The issue is data *velocity*, not volume per se. The data model size could be quite modest but the update rate extremely high. This does violence to traditional UI rendering models, whether client or server side. These cases used to be an outlier a few years ago but now show up in all kinds of applications, mostly thanks to the Internet of Everything. Real-time entity tracking and analysis, a sexy growth area in just about every industry, is a canonical example of this type of usage pattern.
When the data model that is being rendered in a UI is changing a billion times per second, you can’t push the render to the client and you can’t ship a static reduction either.
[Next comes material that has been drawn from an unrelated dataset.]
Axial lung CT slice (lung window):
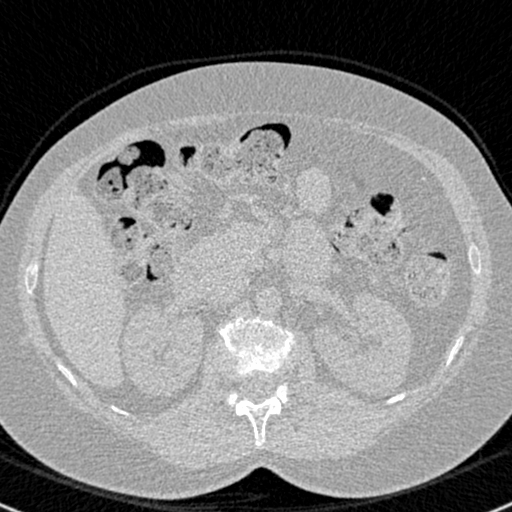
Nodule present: no

In fact, you can’t even afford to render everything on the server cluster by default; you have to be selective about the parts of the data model that need to be rendered in any particular instance.
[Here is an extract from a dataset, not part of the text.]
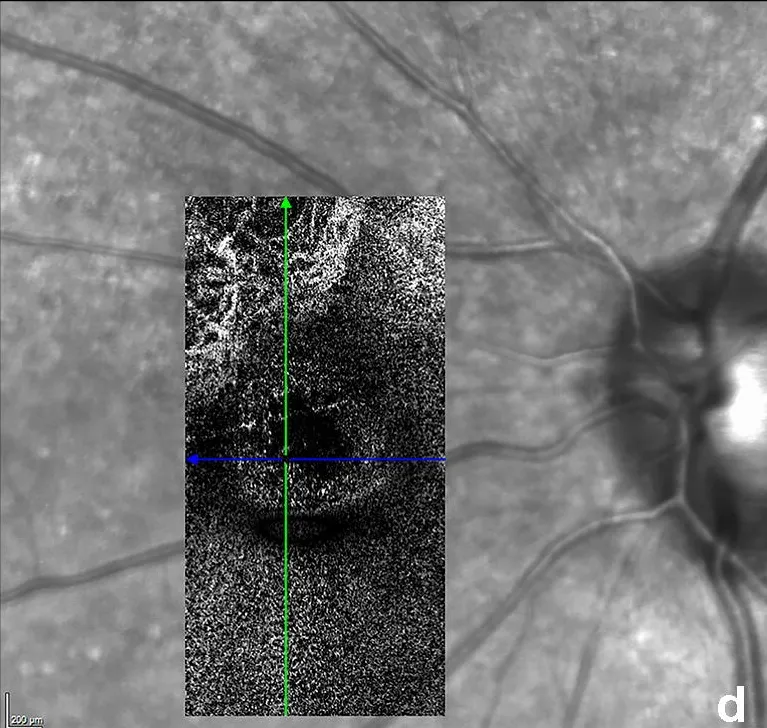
The left eye by the left column The structural slabs a, b of the lesions in both eyes were obtained using an RPE-RPE fit segmentation. En face OCTA with customized segmentation between RPE and Bruch's membrane shows a type 1 neovascular network with evident aneurysmal dilatation, as demarcated by the crossing blue and green lines (c, d). Dense B-scan with angiographic flow overlay e, f demonstrates the corresponding cross-sectional view and the customized segmentation of the respective lesions.
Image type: ophthalmic_imaging (ophthalmic_angiography)

This has created a positive environmental pressure in analytic software: it has forced people to design systems that remove the human element entirely. Humans were the only reason the UI existed in the first place; it is easier to design around the human.
> It should be possible to stream textures and meshes in an efficient way and incorporate those into local rendering. That allows interaction controls and other locally generated viz to be smooth and fast. Google Maps and Google Earth are examples of this.
Google Maps and Earth are essentially static data models. It makes the problem trivial. A meaningfully “live” version of Google Earth would require a rewrite of both the front and back.